QPR achieved one of their greatest ever results on this day up at Old Trafford, beating Alex Ferguson’s Manchester United side 4-1, but that was back in 1992 and more recent classics have included a stupefying 2-1 win against a relegation-bound Doncaster Rovers side, a 2-1 loss here against Hull City when our goalkeeper fell over the ball in the last minute, a 1-1 draw with Swansea when we let the visitors equalise with the last kick despite them having a man sent off, and a Joey Barton brainfart in another 2-1 loss against Norwich.

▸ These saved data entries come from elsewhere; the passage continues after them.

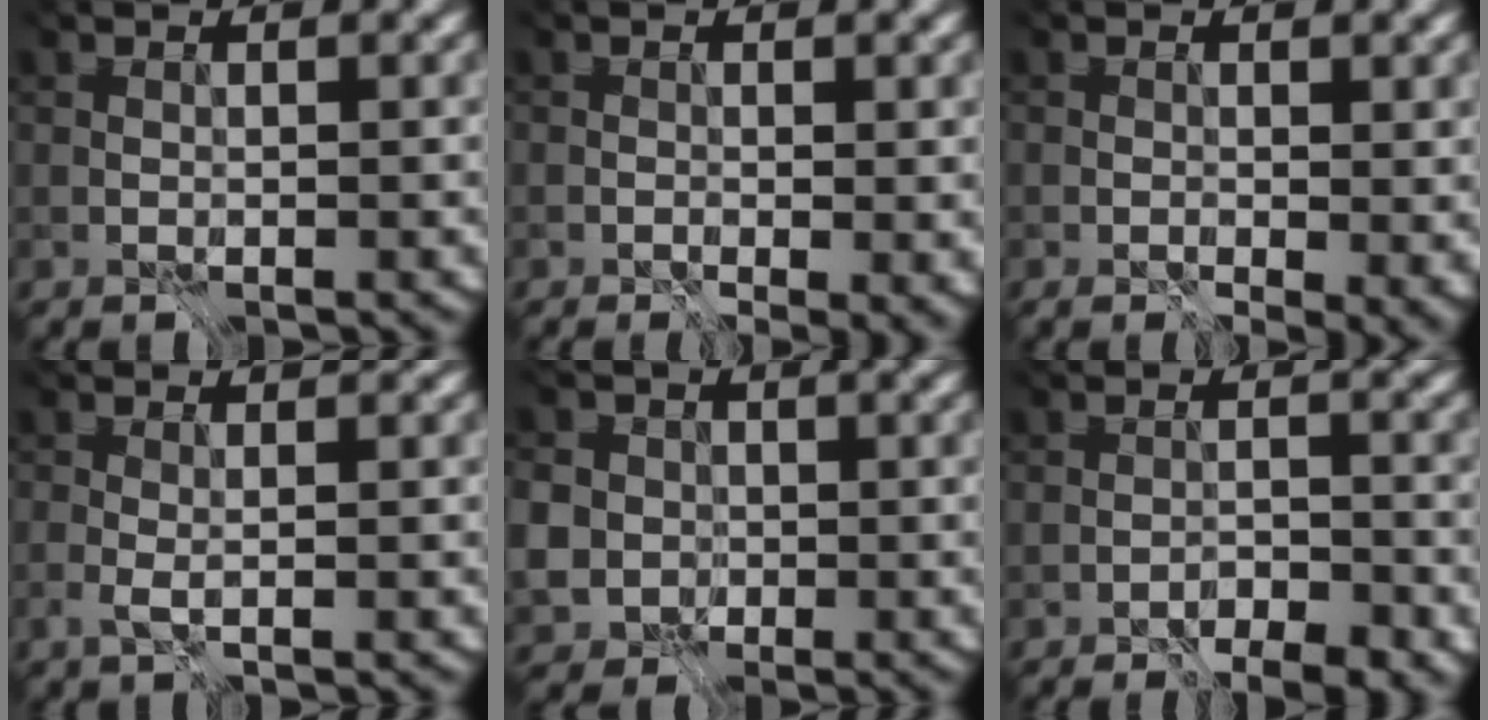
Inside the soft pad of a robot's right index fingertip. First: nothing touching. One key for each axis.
{"total": 1.5, "fx": 0.0, "fy": 0.6, "fz": 1.4, "tx": -0.006, "ty": -0.003, "tz": -0.005}
{"total": 3.7, "fx": 0.8, "fy": 2.0, "fz": 3.0, "tx": -0.022, "ty": -0.002, "tz": 0.012}
{"total": 1.5, "fx": -1.3, "fy": -0.3, "fz": 0.7, "tx": -0.018, "ty": 0.009, "tz": -0.033}
{"total": 9.0, "fx": 0.7, "fy": 8.5, "fz": 3.1, "tx": -0.129, "ty": 0.011, "tz": 0.037}
{"total": 5.4, "fx": -5.3, "fy": 0.6, "fz": 1.1, "tx": 0.018, "ty": -0.004, "tz": -0.078}
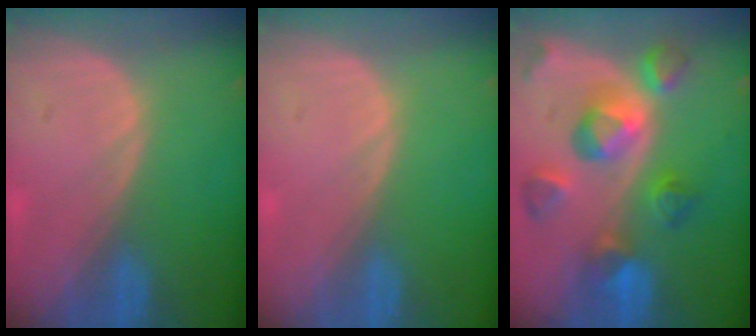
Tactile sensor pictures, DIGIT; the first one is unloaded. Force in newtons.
{"total": 0.0}
{"total": 10.4, "press": 9.2, "slide": 4.9}
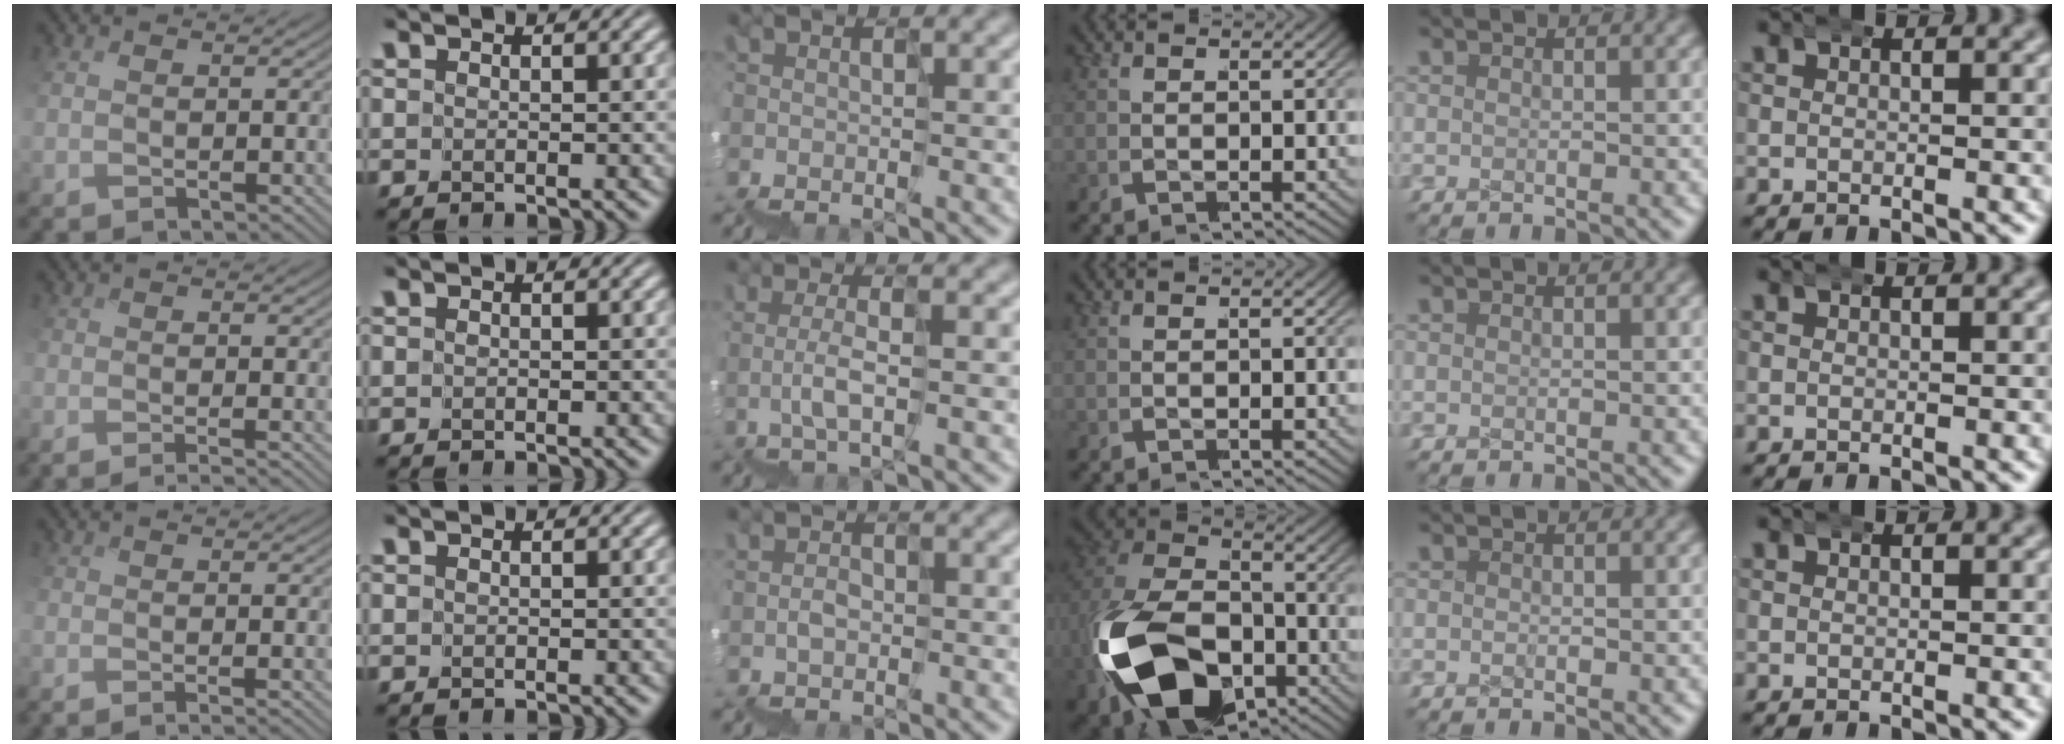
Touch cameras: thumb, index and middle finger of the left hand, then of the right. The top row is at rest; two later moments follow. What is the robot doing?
{"motion": "wrap", "object": "ethernet cable"}
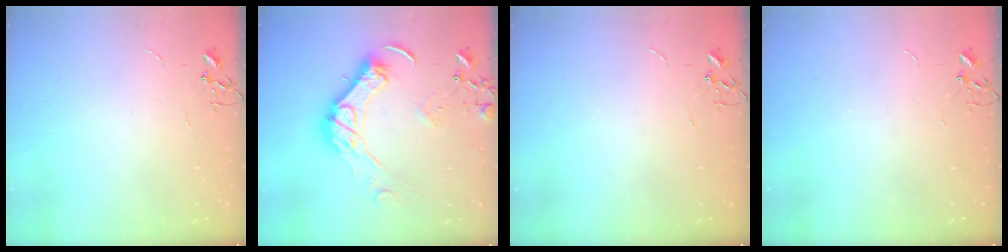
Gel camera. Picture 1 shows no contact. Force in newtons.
{"total": 14.9, "press": 14.9, "slide": 0.9}
{"total": 0.0}
{"total": 0.0}
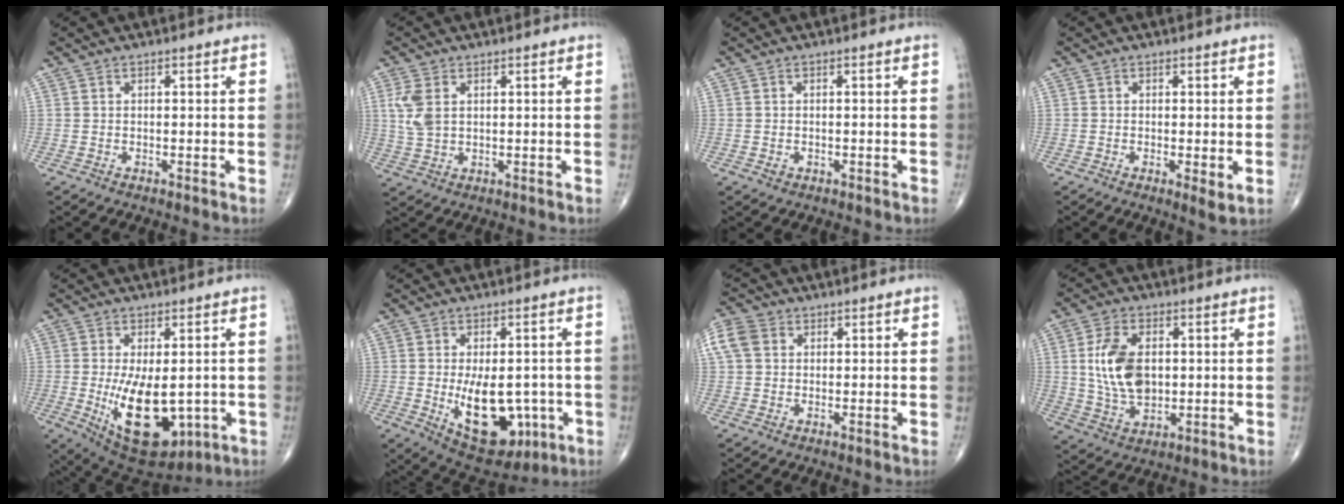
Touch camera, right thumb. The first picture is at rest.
{"total": 5.4, "force": [1.4, 3.4, 4.0], "torque": [-0.093, -0.001, 0.033]}
{"total": 1.0, "force": [-0.4, 0.9, 0.4], "torque": [-0.005, 0.002, -0.003]}
{"total": 2.6, "force": [-0.4, 0.7, 2.5], "torque": [-0.045, -0.012, -0.010]}
{"total": 15.9, "force": [-2.8, 8.1, 13.4], "torque": [-0.202, -0.021, -0.016]}
{"total": 15.2, "force": [-3.0, 8.6, 12.1], "torque": [-0.152, -0.005, -0.020]}
{"total": 6.5, "force": [1.8, 5.2, 3.6], "torque": [-0.080, 0.016, 0.033]}
{"total": 11.7, "force": [1.3, 7.2, 9.1], "torque": [-0.163, -0.007, 0.032]}
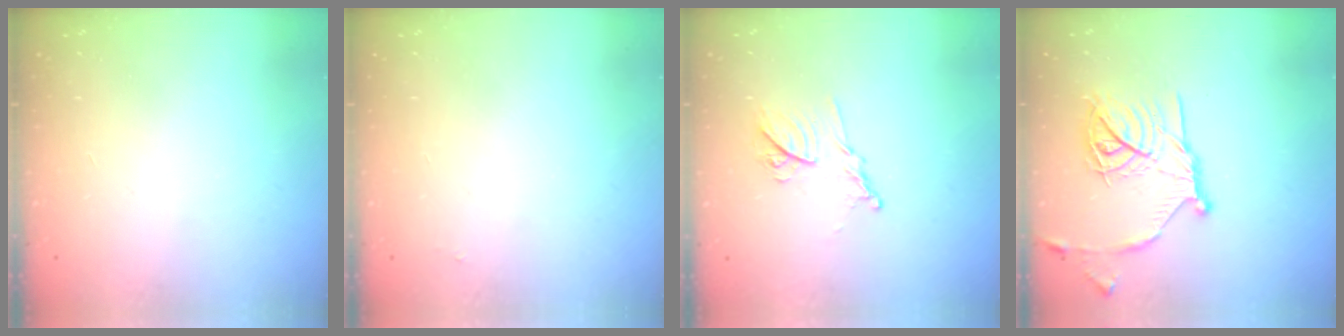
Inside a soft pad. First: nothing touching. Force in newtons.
{"total": 1.9, "press": 1.9, "slide": 0.3}
{"total": 11.0, "press": 11.0, "slide": 0.4}
{"total": 17.6, "press": 17.6, "slide": 1.4}
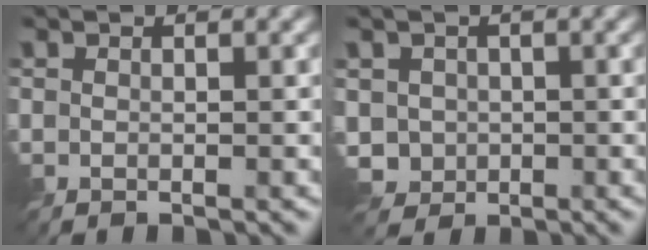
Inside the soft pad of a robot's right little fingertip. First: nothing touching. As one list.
[{"total": 2.5, "force": [-0.2, 2.5, 0.6], "torque": [-0.021, -0.003, -0.006]}]

This year promised to be particularly bleak. Rangers had lost three and drawn one of a set of supposedly easier fixtures that were meant to be ideally placed to lift us back into the play-off picture for the turn of the year. Chances had been missed, bad luck had been endured, but the simple fact of the matter is Rangers had taken one point from bottom-of-the-table Barnsley, injury-ravaged Charlton, Reading-based Reading and a half-arsed Hull City team. Their visitors on Wednesday, meanwhile, were Cardiff City, who had responded to the arrival of Neil Harris as manager by losing only one of nine matches, winning two of their last three aways at Sheff Wed and Forest, and coming from three goals down at the Champions of Europe to draw 3-3. No team in the league has conceded more than QPR’s 17 goals from set pieces this season, and all of Cardiff’s players are 48 ft tall.
Warbs Warburton responded to this challenge, and the poor run of results, by fielding a defence of big hairy men, and an attack of excellent young boys. Geoff Cameron was moved to right back, Lee Wallace came in at left back, Toni Leistner and Grant Hall stood between them and Dominic Ball was parked in front. They’d be charged with competing aerially with the cast of Space Jam as best they could. Up front Nahki Wells, without a goal in nine games, was supported by Ebre Eze, Ilias Chair and Bright Osayi-Samuel. Luke Amos was the fetcher and carrier.
Among 63 replies to this team news announcement from the Twittersphere were “Are you having a laugh?!?! Bacuna and Hoilett are going to have a field day,” and “Lumley? Cameron RB? One upfront? What on earth is that?” and “4 centre halves is asking for trouble really,” and “Wallace and Cameron at full back? Kill me,” and “Jesus one up front lumley in goal and wallace in the back line! Mark warburton just isn't learning,” and “Any chance of a settled side MW..? Major changes each and every game..he has no idea what his best 11.”
Which I throw in because after nine minutes Ebere Eze, who’d already had one spectacular attempt deflected wide, drew his foot back from the junction of halfway line and touchline and flighted a glorious Adel Taarabt-style widowmaker that cut the entire Cardiff defence and goalkeeper out of the game and allowed Wells to guide a well-placed header into the far corner of the net for 1-0.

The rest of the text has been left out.